Bishop Arc lifted a hand toward the man trapped in the wall. It was not an overt motion to point at the man, but a casual gesture, a slack hand held out on a partially raised arm, fingers barely extended. Nonetheless, it was clearly directed at the man encased in the wall and unable to stop staring at the bishop.

“Be still,” Bishop Arc said in a low voice, hardly more than a whisper, but as deadly as anything Henrik had ever heard.

The man gasped, sucking in short, sharp breaths. He pulled in one last, long breath as his eyes rolled back in his head. He shook violently but briefly, then slumped, at least as much as he could slump, woven as he was into the tangle of sticks, twigs, and vines.
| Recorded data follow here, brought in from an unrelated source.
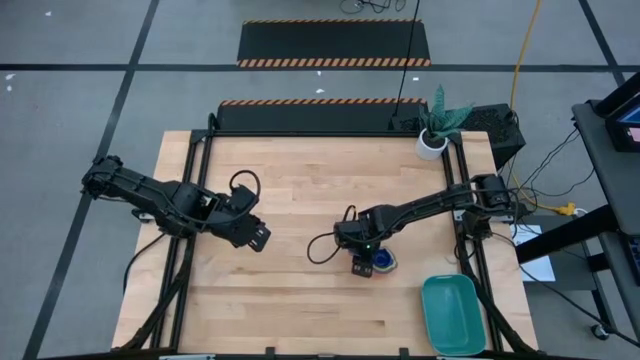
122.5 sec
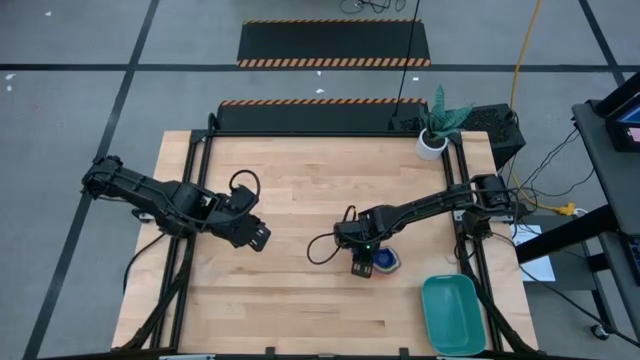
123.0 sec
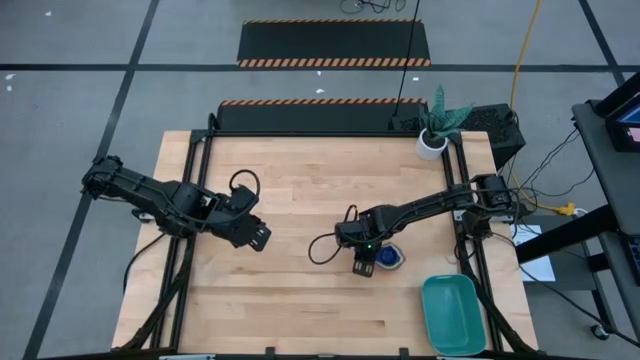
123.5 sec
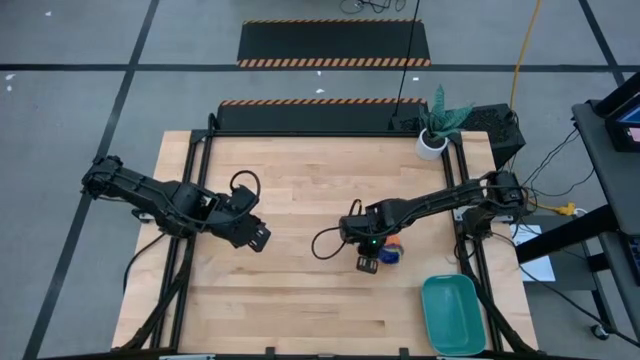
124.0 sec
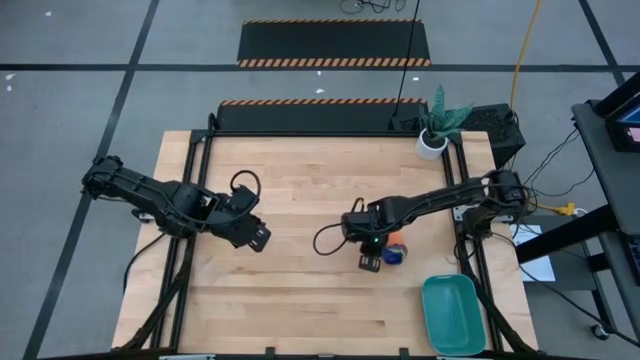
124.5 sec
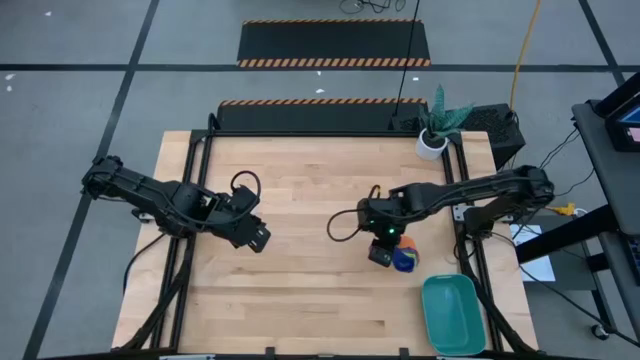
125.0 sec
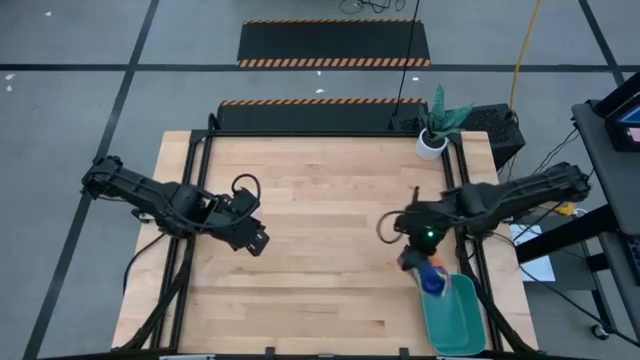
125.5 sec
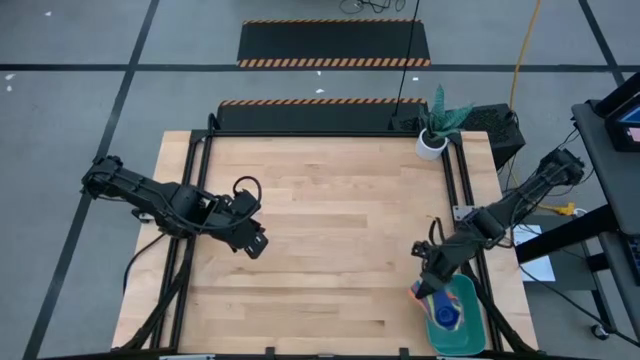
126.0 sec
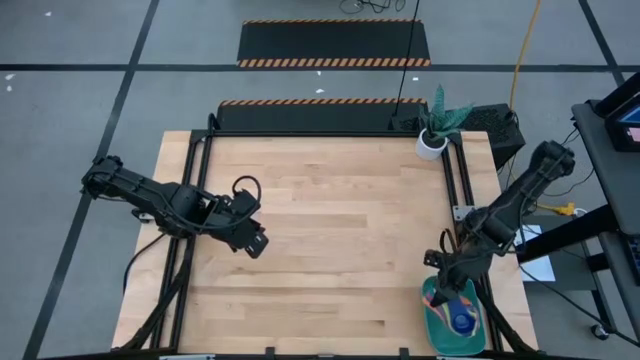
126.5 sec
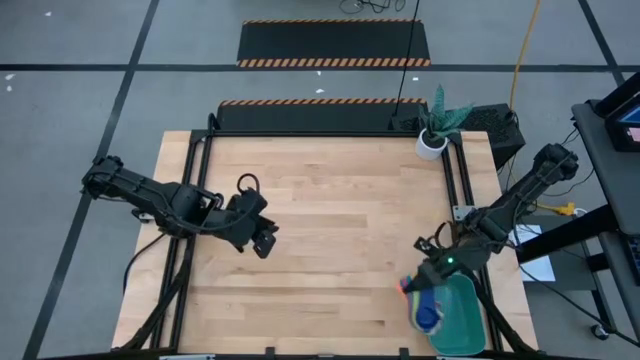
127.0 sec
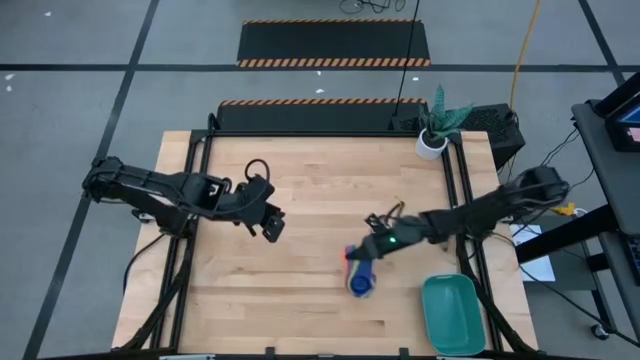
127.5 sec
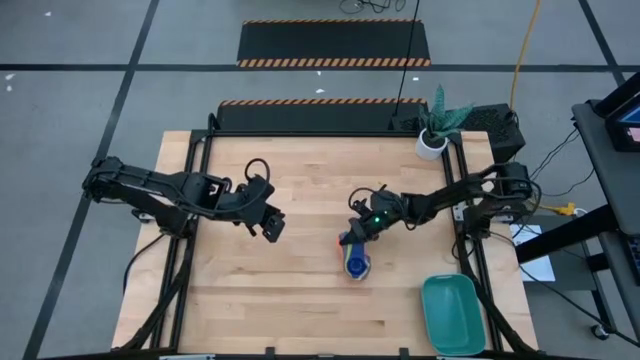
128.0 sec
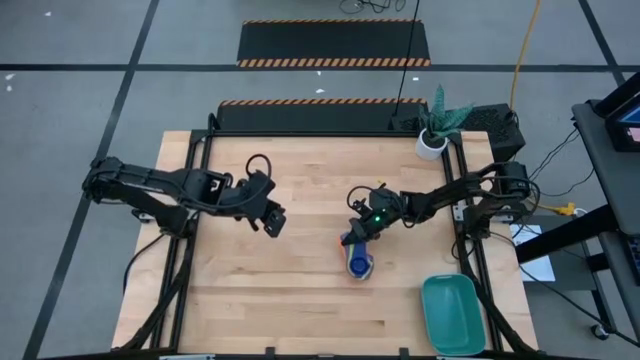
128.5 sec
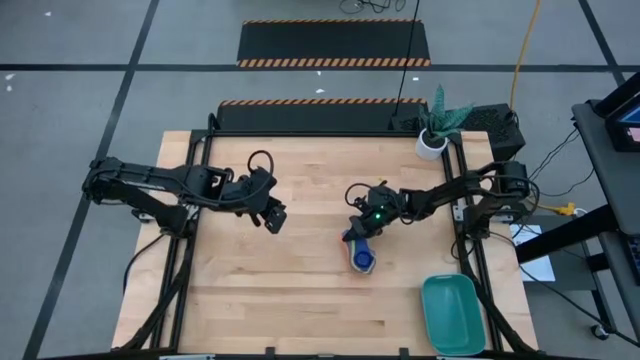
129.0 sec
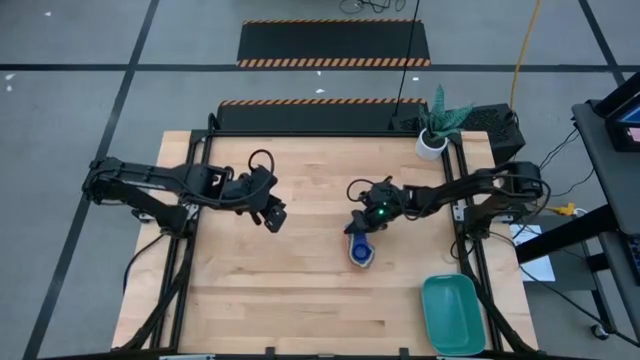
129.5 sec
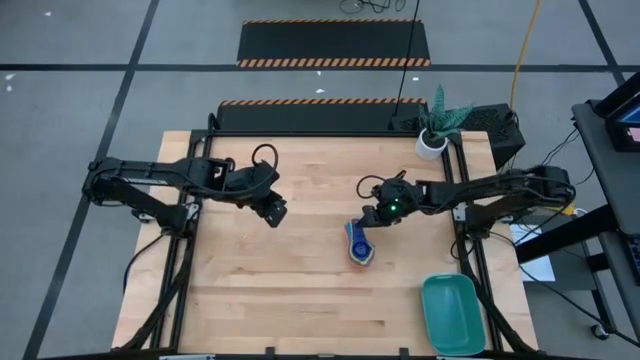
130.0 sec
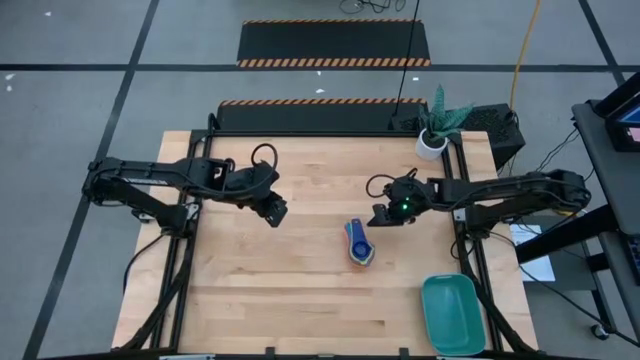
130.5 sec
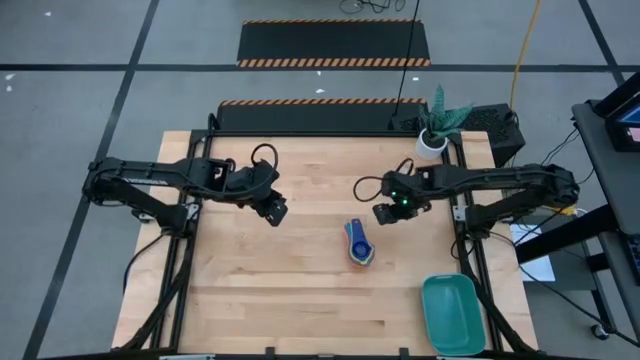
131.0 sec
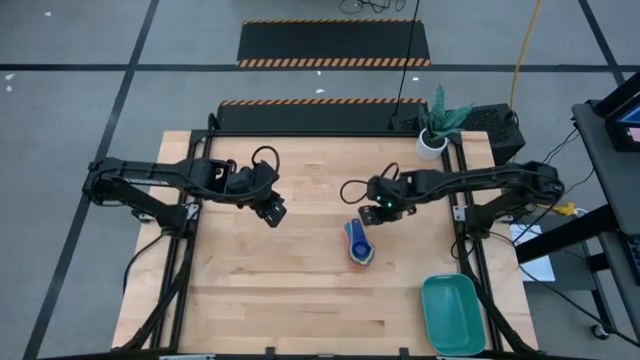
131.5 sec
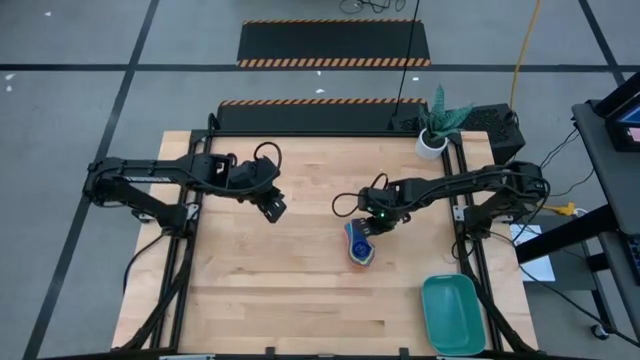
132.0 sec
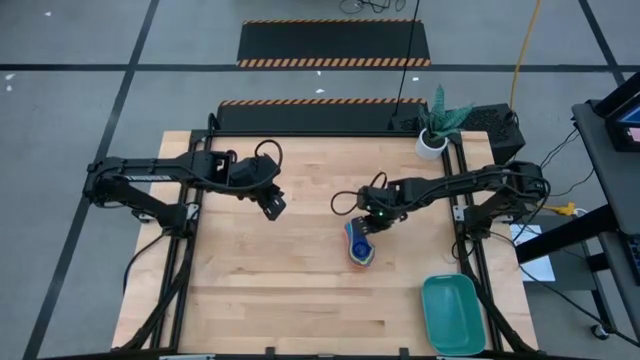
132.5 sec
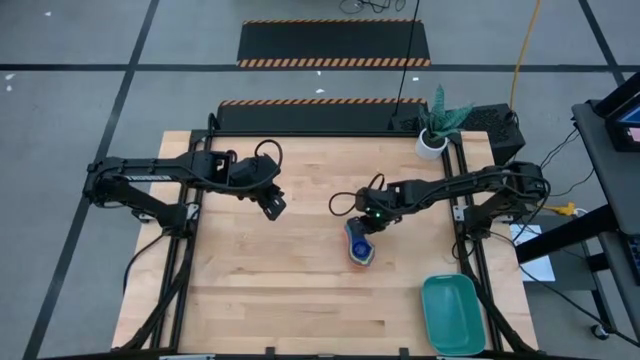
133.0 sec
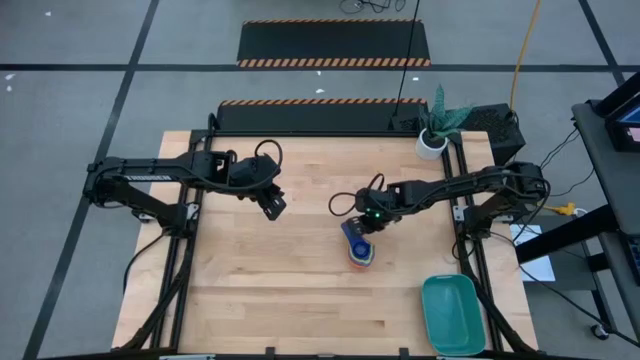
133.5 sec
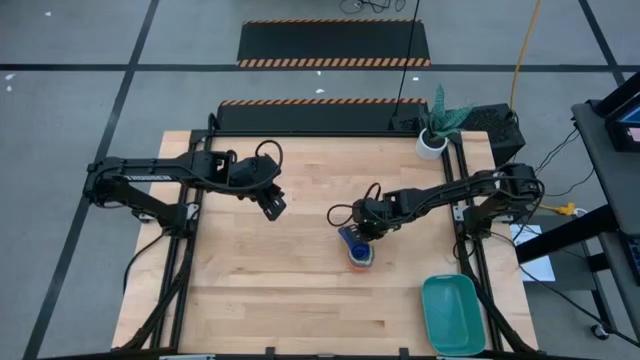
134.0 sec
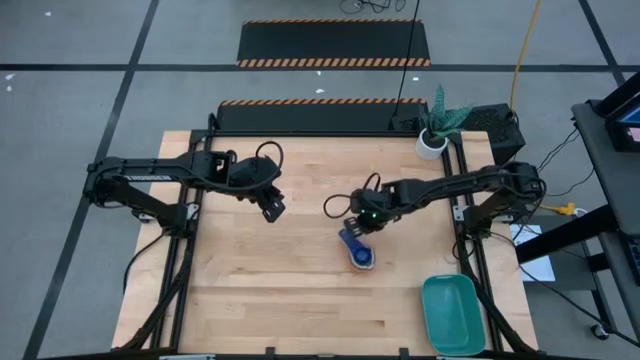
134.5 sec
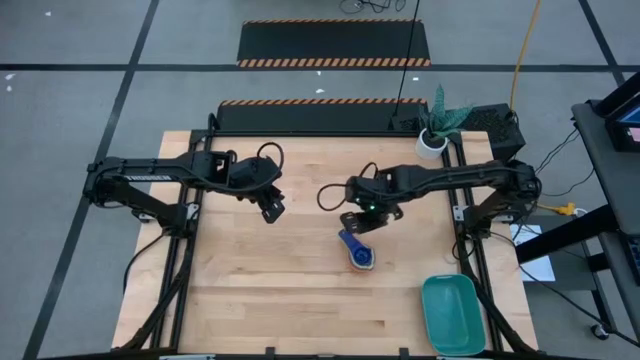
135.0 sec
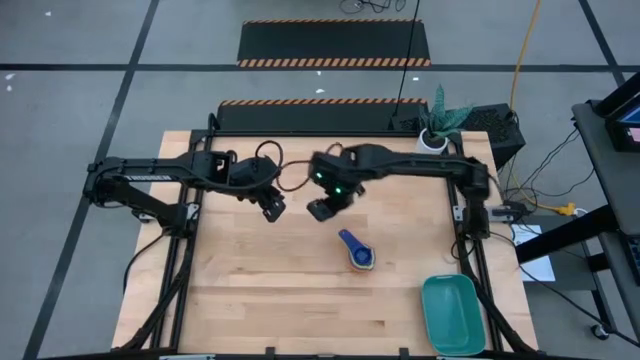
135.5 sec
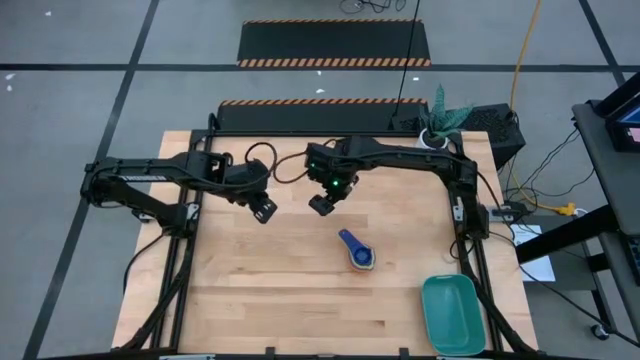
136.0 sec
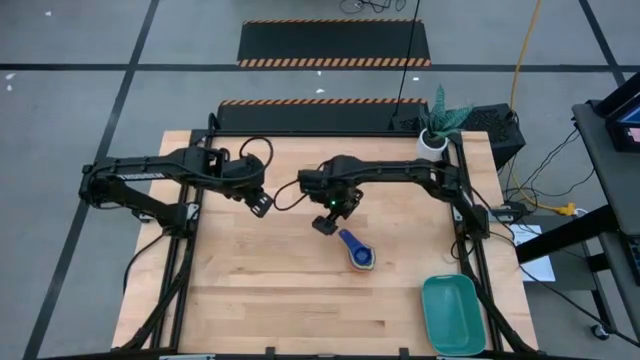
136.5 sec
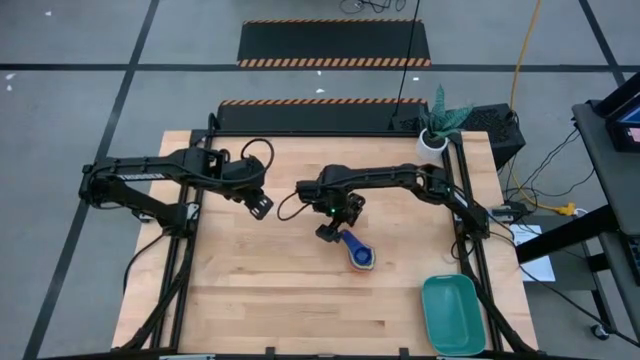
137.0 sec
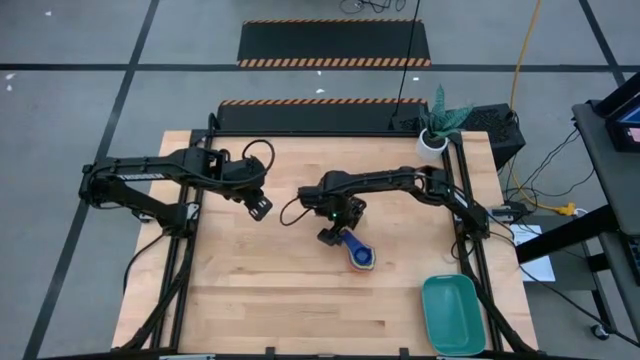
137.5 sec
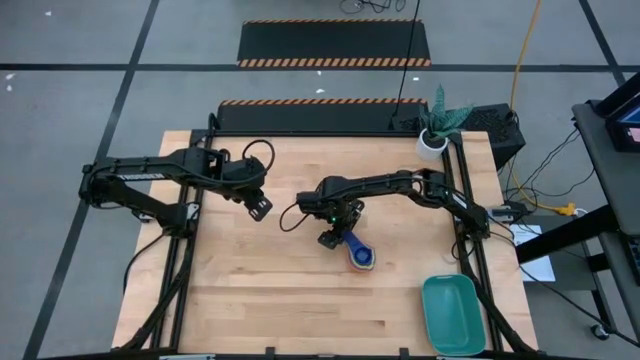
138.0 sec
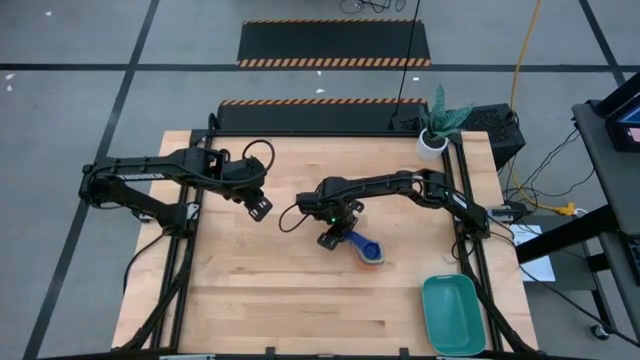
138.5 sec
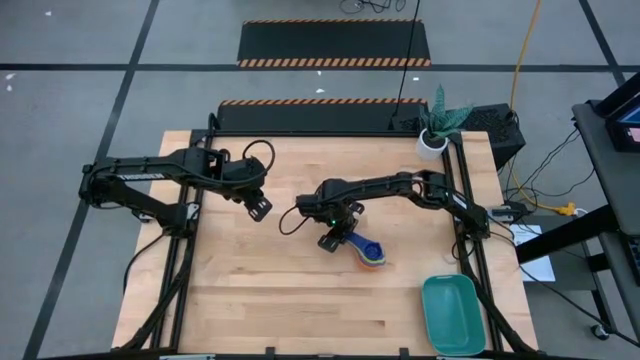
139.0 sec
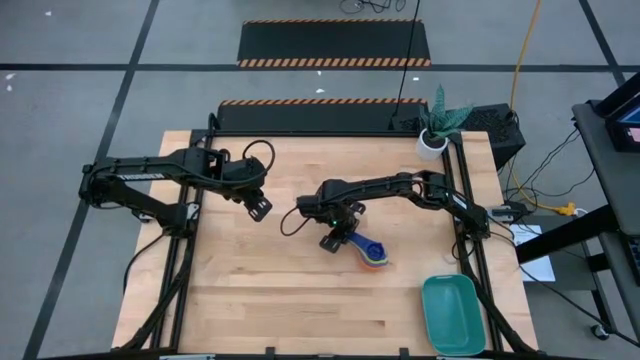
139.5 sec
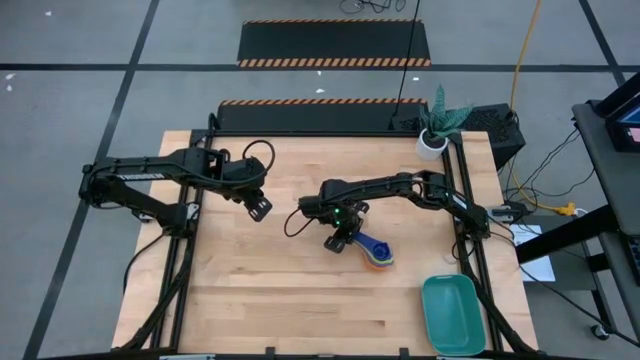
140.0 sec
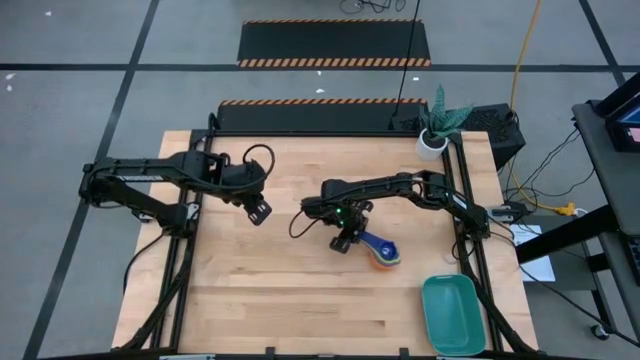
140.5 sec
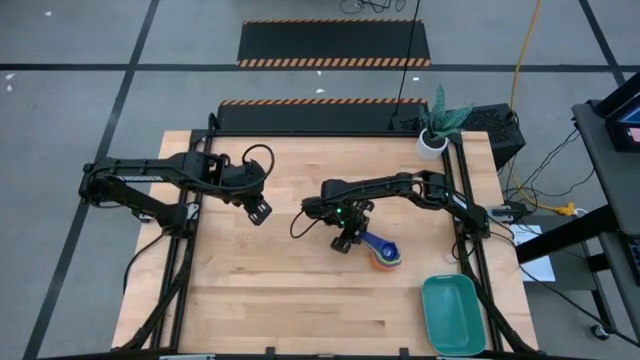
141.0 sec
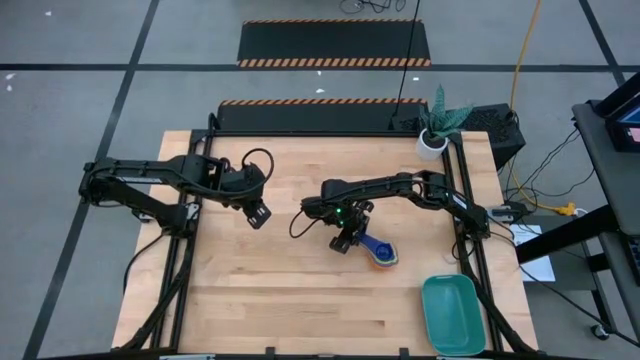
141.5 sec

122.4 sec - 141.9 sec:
Task: Nest measuring cups in basket
Put the stacked measuring cups into the green bin

After a final shiver, his whole body went completely slack. The last breath of air left his lungs in a long, low wheeze.

The bishop looked around at other eyes watching him from the walls. “Anyone else?”

In the silence, every eye behind layers of twigs and branches turned away.

Bishop Arc smirked at the Hedge Maid. “There you go. Freshly dead fluids for your little helpers here to suck out and feed you.”

The Hedge Maid’s big, black eyes revealed nothing. She let out a low, rasping squeal broken by several clicks.

One of the familiars, watching Jit speak in the strange language, waited until she was finished and then leaned toward the bishop, showing contempt on behalf of her mistress. “Jit wishes to know why you have come here.”

“Isn’t it obvious?” He lifted his a

rm out to the side, toward Henrik, as he addressed Jit. “I have come to make sure that you complete the task I gave you.”

After a long pause, Jit gave him a single nod.

The bishop’s brow drew down, deforming the symbol on his forehead, pulling the center of it lower with his eyebrows. “Now, you have wasted enough of my time. I expect you not to waste any more of it. The boy is finally here. Get on with it.”

Jit watched him for a moment, then turned her attention to Henrik and motioned for him to come closer.

CHAPTER 54

Henrik feared to take a step toward the Hedge Maid. As she made a soft cooing sound while gesturing for him to come closer, he could only stare at the leather cord stitched through her lips keeping her mouth from opening more than a mere slit. Some of the holes where the leather thong penetrated her flesh oozed a pinkish fluid, as if the effort of calling him forward reinjured the wounds.

He wondered why her lips were stitched closed.